> [Task description] Examine each line of the data. Copy those that contain the string "shows".
—————
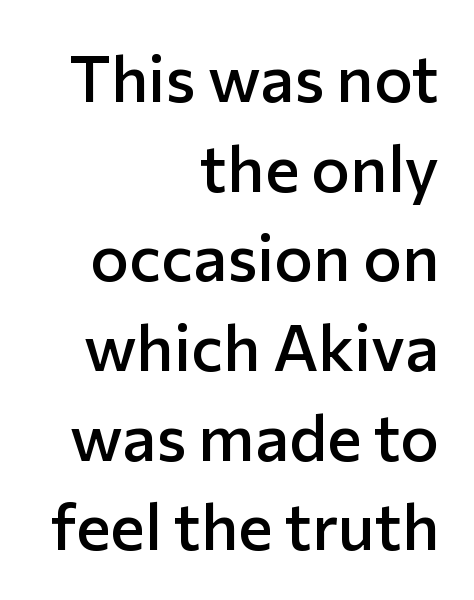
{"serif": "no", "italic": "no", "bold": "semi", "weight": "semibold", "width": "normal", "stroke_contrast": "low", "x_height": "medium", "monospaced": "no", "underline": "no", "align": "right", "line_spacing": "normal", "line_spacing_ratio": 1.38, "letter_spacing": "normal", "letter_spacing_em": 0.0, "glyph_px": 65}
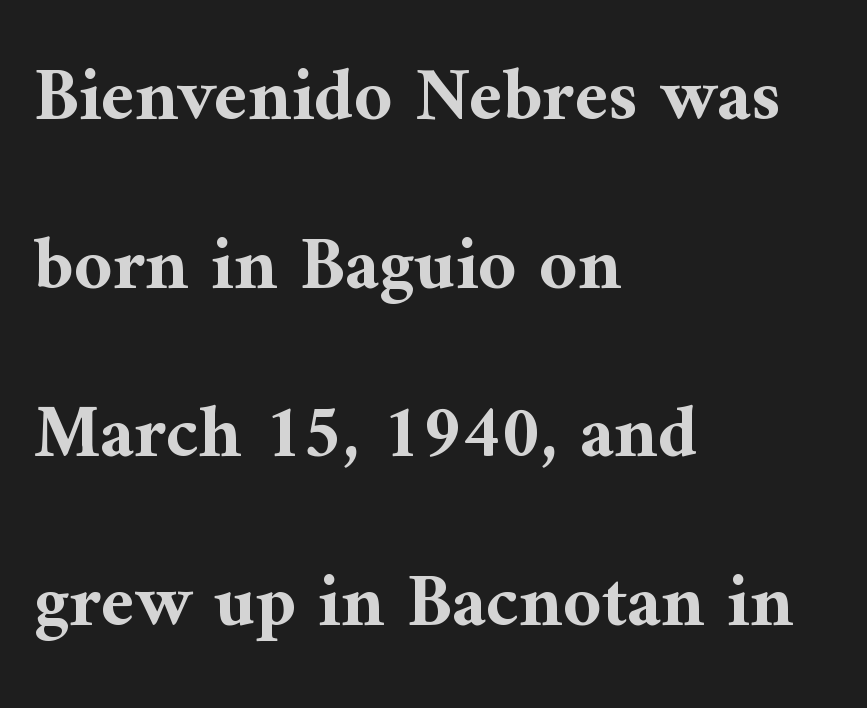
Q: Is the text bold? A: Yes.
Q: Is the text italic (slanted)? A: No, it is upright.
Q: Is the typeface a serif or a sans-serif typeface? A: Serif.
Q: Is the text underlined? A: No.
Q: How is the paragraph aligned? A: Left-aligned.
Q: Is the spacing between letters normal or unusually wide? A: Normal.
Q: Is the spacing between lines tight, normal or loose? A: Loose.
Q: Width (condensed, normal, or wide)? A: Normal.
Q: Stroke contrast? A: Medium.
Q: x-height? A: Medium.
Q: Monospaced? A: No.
—————
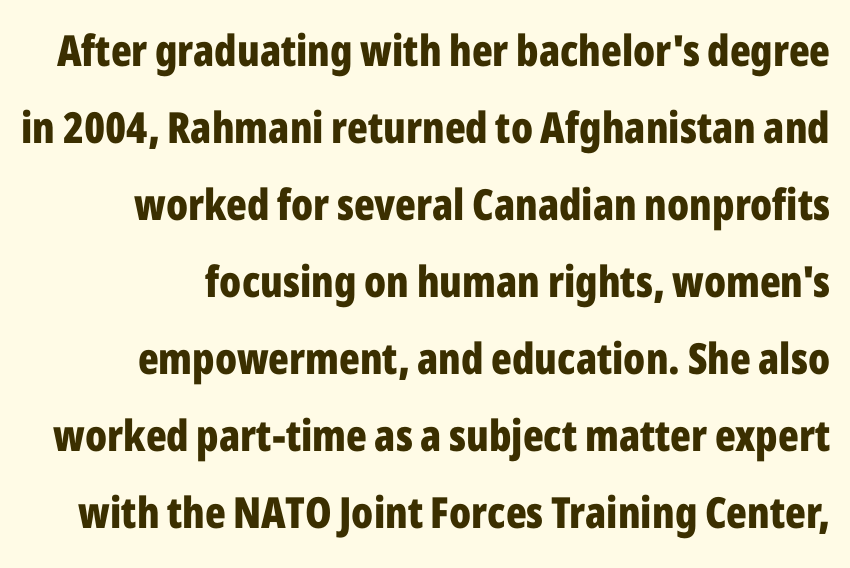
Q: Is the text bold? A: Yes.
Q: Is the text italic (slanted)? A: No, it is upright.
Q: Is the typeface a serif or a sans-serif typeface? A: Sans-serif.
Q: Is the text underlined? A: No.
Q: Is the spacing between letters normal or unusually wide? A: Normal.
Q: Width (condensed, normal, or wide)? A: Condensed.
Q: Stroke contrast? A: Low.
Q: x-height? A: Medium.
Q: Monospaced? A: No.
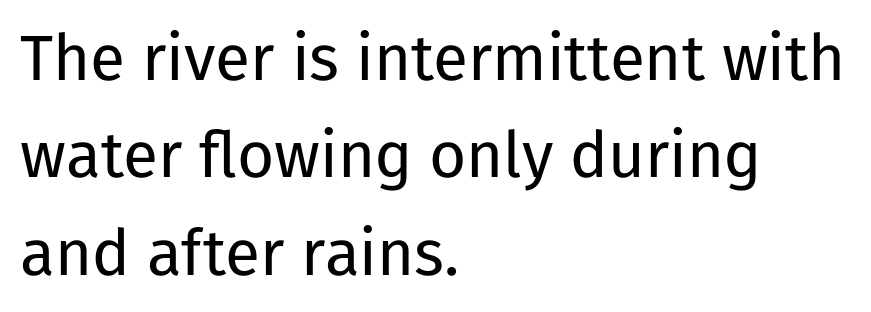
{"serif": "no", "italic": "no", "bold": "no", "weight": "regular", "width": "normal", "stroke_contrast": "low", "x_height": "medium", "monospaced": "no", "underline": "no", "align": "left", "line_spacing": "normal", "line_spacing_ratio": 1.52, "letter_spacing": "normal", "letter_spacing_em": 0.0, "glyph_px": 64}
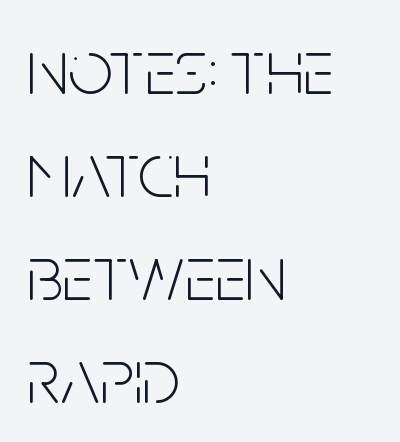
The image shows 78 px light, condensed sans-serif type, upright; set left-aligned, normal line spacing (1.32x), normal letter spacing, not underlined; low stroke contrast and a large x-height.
—————
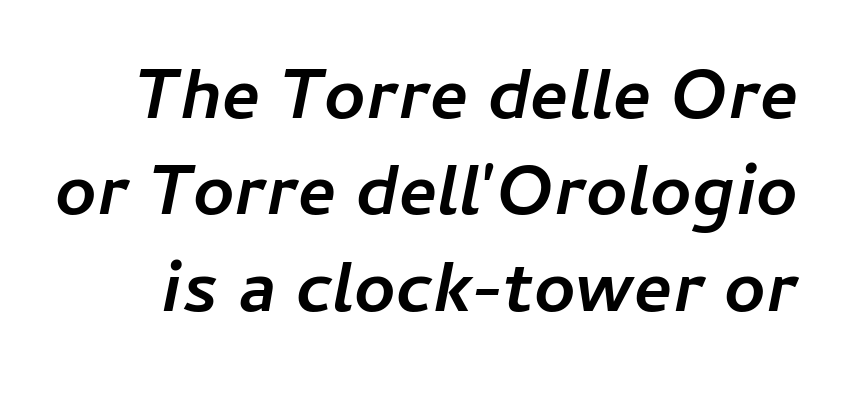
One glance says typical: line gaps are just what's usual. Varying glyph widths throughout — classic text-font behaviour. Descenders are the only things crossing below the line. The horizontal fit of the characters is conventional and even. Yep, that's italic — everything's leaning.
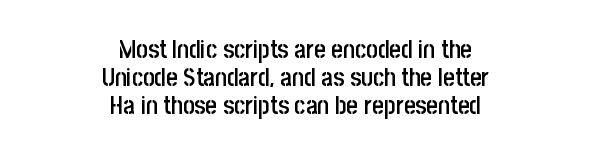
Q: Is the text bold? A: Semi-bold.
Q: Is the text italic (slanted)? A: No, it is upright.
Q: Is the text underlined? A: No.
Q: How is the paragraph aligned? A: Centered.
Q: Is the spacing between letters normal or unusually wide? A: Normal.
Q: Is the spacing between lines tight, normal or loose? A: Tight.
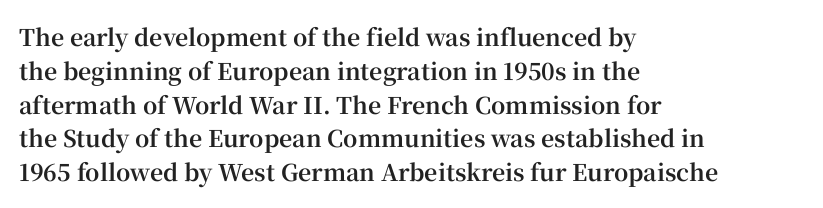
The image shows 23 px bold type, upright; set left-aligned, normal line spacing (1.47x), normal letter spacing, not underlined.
—————
> [Task output]
The image shows 78 px light, condensed sans-serif type, upright; set left-aligned, normal line spacing (1.32x), normal letter spacing, not underlined; low stroke contrast and a large x-height.
The image shows 23 px bold type, upright; set left-aligned, normal line spacing (1.47x), normal letter spacing, not underlined.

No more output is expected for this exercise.